◆ Goal of the exercise
Please return every line of the records below that contains the word "decimals".
○ ○ ○ ○
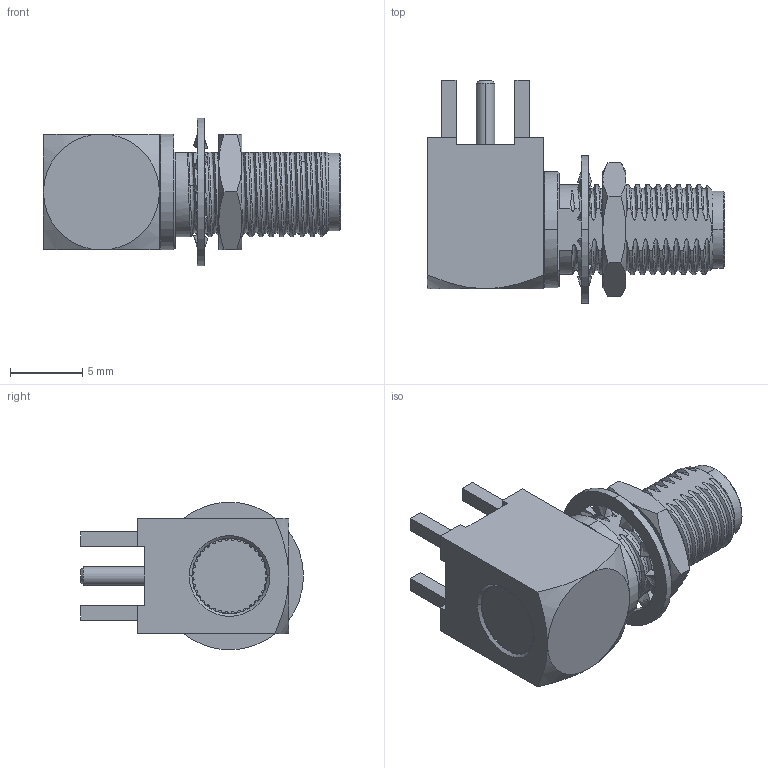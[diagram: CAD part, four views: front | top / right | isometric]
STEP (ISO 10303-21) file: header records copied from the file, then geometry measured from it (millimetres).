
FILE_DESCRIPTION (( 'STEP AP214' ), '1' );
FILE_NAME ('132203_3d_model_file.STEP', '2020-01-22T20:11:06', ( 'Delete' ), ( '' ), 'SwSTEP 2.0', 'SolidWorks 2017', '' );
FILE_SCHEMA (( 'AUTOMOTIVE_DESIGN' ));
Length unit declared in the file: millimetre
Products named in the file (19): 132203-4; 132203-3; 132203-2; 132203-1-2; 132203-1-1; LW-102-65X05; HN8-1-4-36X16; CV-523X06-T-B; 132203-5; 132203_3d_model_file
Assembly tree (9 placements, depth 2):
  LW-102-65X05
  HN8-1-4-36X16
  CV-523X06-T-B
  132203-5
  132203-4
Bounding box: 20.5 x 15.39 x 10.2 mm (x, y, z)
Volume: 936.6 mm3; surface area: 1897 mm2
Topology: 9 solids, 9 shells, 503 faces, 1385 edges, 910 vertices
Faces by surface type: cylinder 252, bspline 98, plane 88, cone 65
Entity records: 35495 total; most frequent: CARTESIAN_POINT 22678, ORIENTED_EDGE 2766, DIRECTION 2369, EDGE_CURVE 1383, AXIS2_PLACEMENT_3D 936, VERTEX_POINT 910, EDGE_LOOP 529, CIRCLE 518
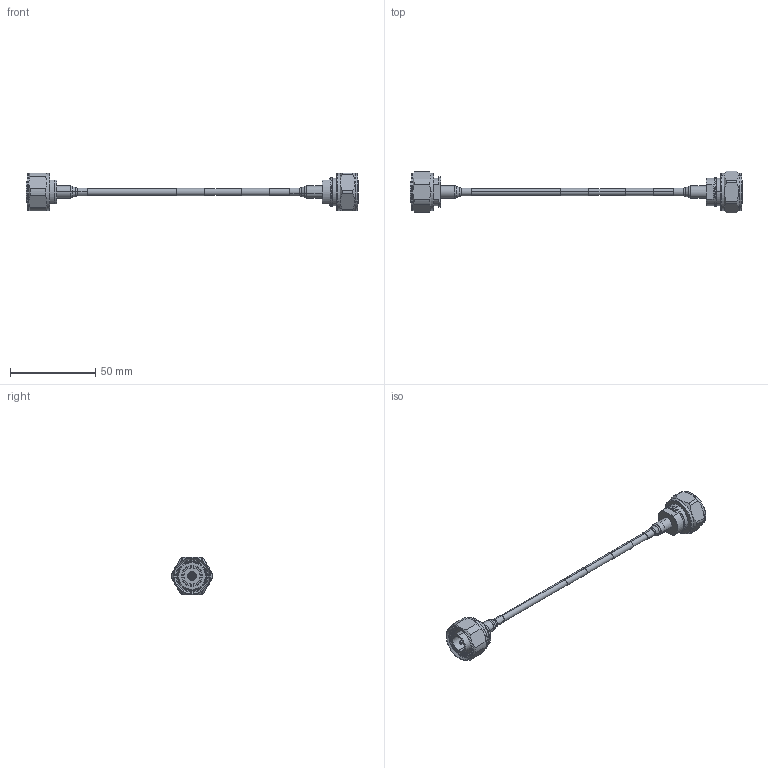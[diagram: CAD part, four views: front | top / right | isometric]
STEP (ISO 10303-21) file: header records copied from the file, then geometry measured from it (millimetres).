
FILE_DESCRIPTION (( 'STEP AP214' ), '1' );
FILE_NAME ('PE3C8280_3D.STEP', '2021-07-29T14:40:49', ( '' ), ( '' ), 'SwSTEP 2.0', 'SolidWorks 2021', '' );
FILE_SCHEMA (( 'AUTOMOTIVE_DESIGN' ));
Length unit declared in the file: inch
Products named in the file (5): TFT-402-LF_LABEL PE+FM; TC-402-4195M-LP-PE; TFT-402-MA1; TC-402-4310M-LP-PE_no parts; PE3C8280_3D
Assembly tree (5 placements, depth 2):
  PE3C8280_3D
    TFT-402-LF_LABEL PE+FM
    TC-402-4195M-LP-PE
    TFT-402-MA1  x2
    TC-402-4310M-LP-PE_no parts
Bounding box: 194.75 x 24.49 x 22 mm (x, y, z)
Volume: 11903.5 mm3; surface area: 13566.8 mm2
Topology: 11 solids, 11 shells, 407 faces, 849 edges, 494 vertices
Faces by surface type: cylinder 137, cone 132, plane 76, torus 62
Entity records: 11492 total; most frequent: CARTESIAN_POINT 2612, DIRECTION 2006, ORIENTED_EDGE 1610, AXIS2_PLACEMENT_3D 856, EDGE_CURVE 805, VERTEX_POINT 470, CIRCLE 463, EDGE_LOOP 425
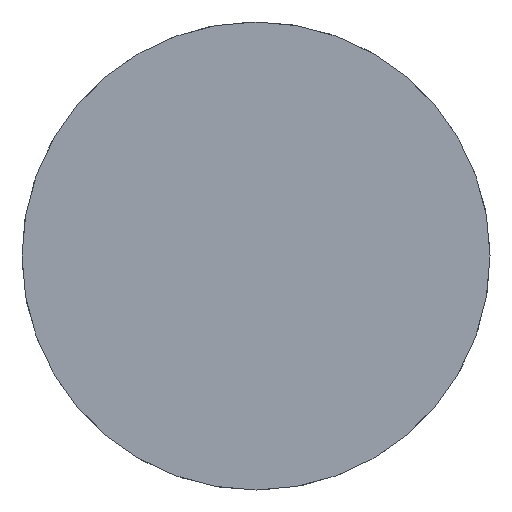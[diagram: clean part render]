
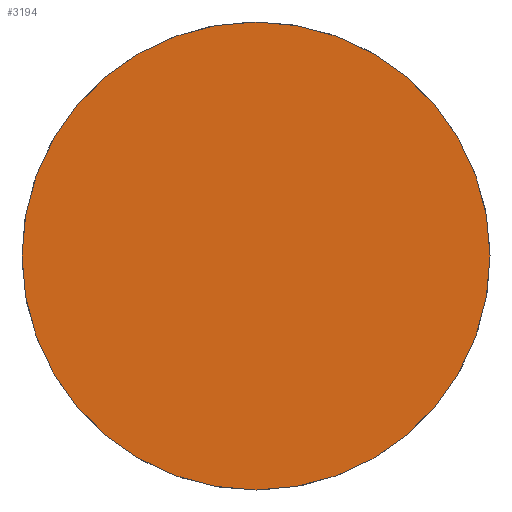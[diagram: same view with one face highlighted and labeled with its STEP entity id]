
A CAD part, front view. The second image highlights one B-rep face of the part: STEP entity #3194.
In plain terms, the highlighted planar face has unit normal (0, -1, 0).
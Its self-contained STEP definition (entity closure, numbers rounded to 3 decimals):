
#52 = CARTESIAN_POINT ( 'NONE',  ( 0., 0., -255. ) ) ;
#382 = CARTESIAN_POINT ( 'NONE',  ( 0., 0., 255. ) ) ;
#446 = CARTESIAN_POINT ( 'NONE',  ( 0., 0., 0. ) ) ;
#464 = ORIENTED_EDGE ( 'NONE', *, *, #3081, .F. ) ;
#582 = AXIS2_PLACEMENT_3D ( 'NONE', #2873, #2279, #2033 ) ;
#713 = DIRECTION ( 'NONE',  ( 0., 0., 1. ) ) ;
#876 = PLANE ( 'NONE',  #582 ) ;
#911 = DIRECTION ( 'NONE',  ( 0., 0., 1. ) ) ;
#1189 = AXIS2_PLACEMENT_3D ( 'NONE', #3313, #3332, #911 ) ;
#1331 = CIRCLE ( 'NONE', #2708, 255. ) ;
#1410 = VERTEX_POINT ( 'NONE', #52 ) ;
#2033 = DIRECTION ( 'NONE',  ( 0., 0., 1. ) ) ;
#2279 = DIRECTION ( 'NONE',  ( 0., 1., 0. ) ) ;
#2344 = DIRECTION ( 'NONE',  ( 0., 1., 0. ) ) ;
#2495 = FACE_OUTER_BOUND ( 'NONE', #3405, .T. ) ;
#2653 = VERTEX_POINT ( 'NONE', #382 ) ;
#2708 = AXIS2_PLACEMENT_3D ( 'NONE', #446, #2344, #713 ) ;
#2873 = CARTESIAN_POINT ( 'NONE',  ( 0., 0., 0. ) ) ;
#3081 = EDGE_CURVE ( 'NONE', #2653, #1410, #3298, .T. ) ;
#3194 = ADVANCED_FACE ( 'NONE', ( #2495 ), #876, .F. ) ;
#3298 = CIRCLE ( 'NONE', #1189, 255. ) ;
#3313 = CARTESIAN_POINT ( 'NONE',  ( 0., 0., 0. ) ) ;
#3316 = ORIENTED_EDGE ( 'NONE', *, *, #3333, .F. ) ;
#3332 = DIRECTION ( 'NONE',  ( 0., 1., 0. ) ) ;
#3333 = EDGE_CURVE ( 'NONE', #1410, #2653, #1331, .T. ) ;
#3405 = EDGE_LOOP ( 'NONE', ( #3316, #464 ) ) ;
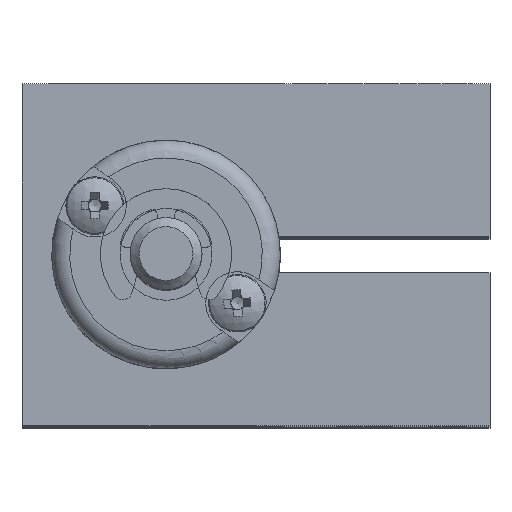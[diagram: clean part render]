
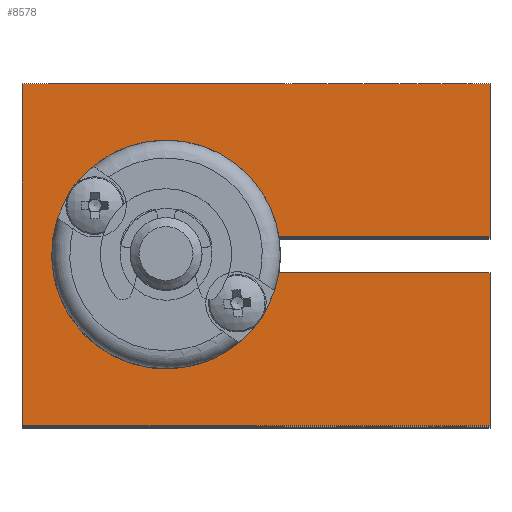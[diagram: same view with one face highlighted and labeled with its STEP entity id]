
A CAD part, top view. The second image highlights one B-rep face of the part: STEP entity #8578.
In plain terms, the highlighted planar face has unit normal (0, 0, 1).
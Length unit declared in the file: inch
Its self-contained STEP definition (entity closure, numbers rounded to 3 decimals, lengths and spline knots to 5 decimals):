
#124 = VERTEX_POINT ( 'NONE', #6736 ) ;
#533 = VECTOR ( 'NONE', #2486, 39.37008 ) ;
#712 = CARTESIAN_POINT ( 'NONE',  ( 0., 0., -1.37795 ) ) ;
#916 = DIRECTION ( 'NONE',  ( 0., 1., 0. ) ) ;
#1167 = EDGE_CURVE ( 'NONE', #124, #1827, #12165, .T. ) ;
#1332 = CARTESIAN_POINT ( 'NONE',  ( 0.24688, 0.03937, -1.37795 ) ) ;
#1591 = VERTEX_POINT ( 'NONE', #2111 ) ;
#1641 = EDGE_CURVE ( 'NONE', #3871, #124, #5423, .T. ) ;
#1764 = PLANE ( 'NONE',  #12682 ) ;
#1827 = VERTEX_POINT ( 'NONE', #1980 ) ;
#1900 = FACE_OUTER_BOUND ( 'NONE', #14509, .T. ) ;
#1980 = CARTESIAN_POINT ( 'NONE',  ( 0.24688, -0.03937, -1.37795 ) ) ;
#2014 = LINE ( 'NONE', #5475, #6713 ) ;
#2045 = CARTESIAN_POINT ( 'NONE',  ( 0.70866, 0.37402, -1.37795 ) ) ;
#2111 = CARTESIAN_POINT ( 'NONE',  ( -0.31496, -0.37402, -1.37795 ) ) ;
#2113 = ORIENTED_EDGE ( 'NONE', *, *, #1167, .T. ) ;
#2190 = ORIENTED_EDGE ( 'NONE', *, *, #12163, .T. ) ;
#2486 = DIRECTION ( 'NONE',  ( 1., 0., 0. ) ) ;
#2558 = CARTESIAN_POINT ( 'NONE',  ( 0.24688, 0.03937, -1.37795 ) ) ;
#2747 = LINE ( 'NONE', #5073, #9701 ) ;
#3049 = DIRECTION ( 'NONE',  ( -1., 0., 0. ) ) ;
#3136 = DIRECTION ( 'NONE',  ( 0., 0., -1. ) ) ;
#3410 = ORIENTED_EDGE ( 'NONE', *, *, #4112, .T. ) ;
#3415 = EDGE_CURVE ( 'NONE', #6942, #6686, #4182, .T. ) ;
#3664 = CARTESIAN_POINT ( 'NONE',  ( -0.31496, 0.37402, -1.37795 ) ) ;
#3871 = VERTEX_POINT ( 'NONE', #6215 ) ;
#4112 = EDGE_CURVE ( 'NONE', #11653, #10868, #5684, .T. ) ;
#4182 = LINE ( 'NONE', #6497, #11037 ) ;
#4816 = ORIENTED_EDGE ( 'NONE', *, *, #3415, .T. ) ;
#5073 = CARTESIAN_POINT ( 'NONE',  ( 0.70866, 0.37402, -1.37795 ) ) ;
#5423 = LINE ( 'NONE', #6688, #6707 ) ;
#5475 = CARTESIAN_POINT ( 'NONE',  ( -0.31496, 0.37402, -1.37795 ) ) ;
#5684 = LINE ( 'NONE', #1332, #12542 ) ;
#5901 = DIRECTION ( 'NONE',  ( 1., 0., 0. ) ) ;
#5923 = ORIENTED_EDGE ( 'NONE', *, *, #8878, .T. ) ;
#6215 = CARTESIAN_POINT ( 'NONE',  ( 0.70866, -0.37402, -1.37795 ) ) ;
#6325 = CIRCLE ( 'NONE', #9231, 0.25 ) ;
#6497 = CARTESIAN_POINT ( 'NONE',  ( -0.31496, 0.37402, -1.37795 ) ) ;
#6686 = VERTEX_POINT ( 'NONE', #3664 ) ;
#6688 = CARTESIAN_POINT ( 'NONE',  ( 0.70866, -0.37402, -1.37795 ) ) ;
#6707 = VECTOR ( 'NONE', #916, 39.37008 ) ;
#6713 = VECTOR ( 'NONE', #14554, 39.37008 ) ;
#6736 = CARTESIAN_POINT ( 'NONE',  ( 0.70866, -0.03937, -1.37795 ) ) ;
#6942 = VERTEX_POINT ( 'NONE', #2045 ) ;
#6967 = ORIENTED_EDGE ( 'NONE', *, *, #1641, .T. ) ;
#7910 = VECTOR ( 'NONE', #13433, 39.37008 ) ;
#8578 = ADVANCED_FACE ( 'NONE', ( #1900 ), #1764, .T. ) ;
#8757 = DIRECTION ( 'NONE',  ( 0., -1., 0. ) ) ;
#8878 = EDGE_CURVE ( 'NONE', #6686, #1591, #2014, .T. ) ;
#9151 = ORIENTED_EDGE ( 'NONE', *, *, #11951, .T. ) ;
#9231 = AXIS2_PLACEMENT_3D ( 'NONE', #10129, #3136, #12290 ) ;
#9328 = LINE ( 'NONE', #12757, #533 ) ;
#9655 = DIRECTION ( 'NONE',  ( 0., 1., 0. ) ) ;
#9701 = VECTOR ( 'NONE', #9655, 39.37008 ) ;
#9838 = ORIENTED_EDGE ( 'NONE', *, *, #10542, .T. ) ;
#10013 = CARTESIAN_POINT ( 'NONE',  ( 0.70866, 0.03937, -1.37795 ) ) ;
#10129 = CARTESIAN_POINT ( 'NONE',  ( 0., 0., -1.37795 ) ) ;
#10542 = EDGE_CURVE ( 'NONE', #1591, #3871, #9328, .T. ) ;
#10868 = VERTEX_POINT ( 'NONE', #10013 ) ;
#10976 = CARTESIAN_POINT ( 'NONE',  ( 0.24688, -0.03937, -1.37795 ) ) ;
#11037 = VECTOR ( 'NONE', #3049, 39.37008 ) ;
#11139 = DIRECTION ( 'NONE',  ( 0., 0., 1. ) ) ;
#11653 = VERTEX_POINT ( 'NONE', #2558 ) ;
#11951 = EDGE_CURVE ( 'NONE', #1827, #11653, #6325, .T. ) ;
#12163 = EDGE_CURVE ( 'NONE', #10868, #6942, #2747, .T. ) ;
#12165 = LINE ( 'NONE', #10976, #7910 ) ;
#12290 = DIRECTION ( 'NONE',  ( 0., -1., 0. ) ) ;
#12542 = VECTOR ( 'NONE', #5901, 39.37008 ) ;
#12682 = AXIS2_PLACEMENT_3D ( 'NONE', #712, #11139, #8757 ) ;
#12757 = CARTESIAN_POINT ( 'NONE',  ( -0.31496, -0.37402, -1.37795 ) ) ;
#13433 = DIRECTION ( 'NONE',  ( -1., 0., 0. ) ) ;
#14509 = EDGE_LOOP ( 'NONE', ( #2190, #4816, #5923, #9838, #6967, #2113, #9151, #3410 ) ) ;
#14554 = DIRECTION ( 'NONE',  ( 0., -1., 0. ) ) ;
○ ○ ○ ○
◆ Reply
Its self-contained STEP definition (entity closure, numbers rounded to 3 decimals):
Its self-contained STEP definition (entity closure, numbers rounded to 3 decimals, lengths and spline knots to 5 decimals):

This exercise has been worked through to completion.